> Work instructions: Scan the records beneath this line for the line holding "FILE_DESCRIPTION (( 'STEP AP203' ), '1' );" and the line holding "Length unit declared in the file: inch", then transcribe exactly those two and all lines between.

----

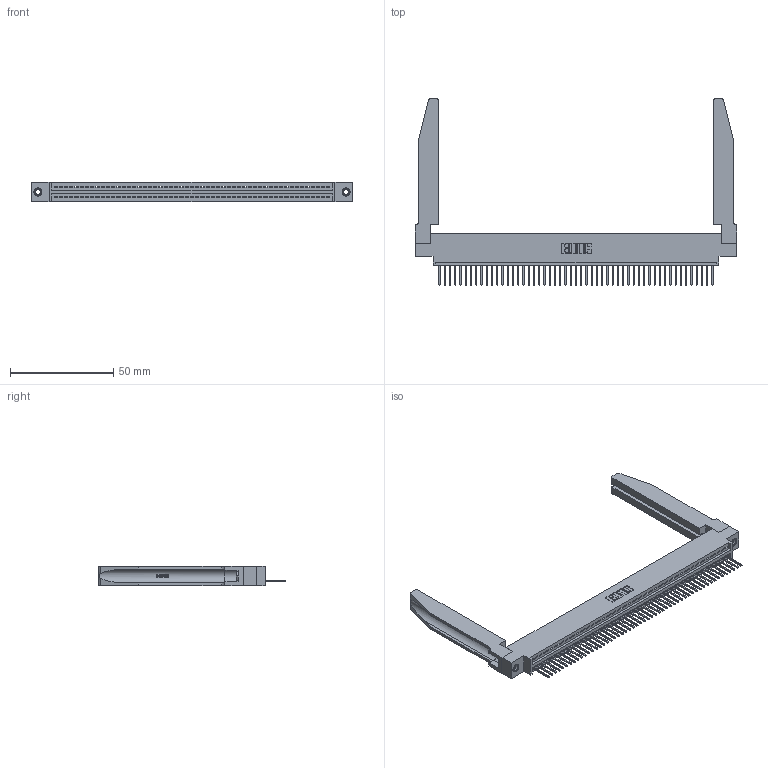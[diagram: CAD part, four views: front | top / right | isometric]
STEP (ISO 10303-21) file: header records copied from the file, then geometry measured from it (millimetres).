
FILE_DESCRIPTION (( 'STEP AP203' ), '1' );
FILE_NAME ('345-053-523-678.STEP', '2019-10-09T20:44:28', ( '' ), ( '' ), 'SwSTEP 2.0', 'SolidWorks 2016', '' );
FILE_SCHEMA (( 'CONFIG_CONTROL_DESIGN' ));
Length unit declared in the file: inch
Products named in the file (5): 345 Part_0.170 Offset - 0.156 Dia-TH; 345-053-523-678; 345-292-001_345-293-123; 345-250-001_345-250-001-102; 345-220-078_345-220-078
Assembly tree (58 placements, depth 2):
  345-053-523-678
    345 Part_0.170 Offset - 0.156 Dia-TH
    345-292-001_345-293-123  x53
    345-250-001_345-250-001-102  x2
    345-220-078_345-220-078  x2
Bounding box: 155.85 x 90.09 x 9.4 mm (x, y, z)
Volume: 22529.9 mm3; surface area: 26793.3 mm2
Topology: 58 solids, 58 shells, 3438 faces, 10289 edges, 6778 vertices
Faces by surface type: plane 2346, cylinder 1040, bspline 36, cone 12, torus 4
Entity records: 43298 total; most frequent: CARTESIAN_POINT 8398, ORIENTED_EDGE 7282, DIRECTION 6325, EDGE_CURVE 3641, LINE 3203, VECTOR 3203, VERTEX_POINT 2420, AXIS2_PLACEMENT_3D 1561

----

> Written solution:
FILE_DESCRIPTION (( 'STEP AP203' ), '1' );
FILE_NAME ('345-053-523-678.STEP', '2019-10-09T20:44:28', ( '' ), ( '' ), 'SwSTEP 2.0', 'SolidWorks 2016', '' );
FILE_SCHEMA (( 'CONFIG_CONTROL_DESIGN' ));
Length unit declared in the file: inch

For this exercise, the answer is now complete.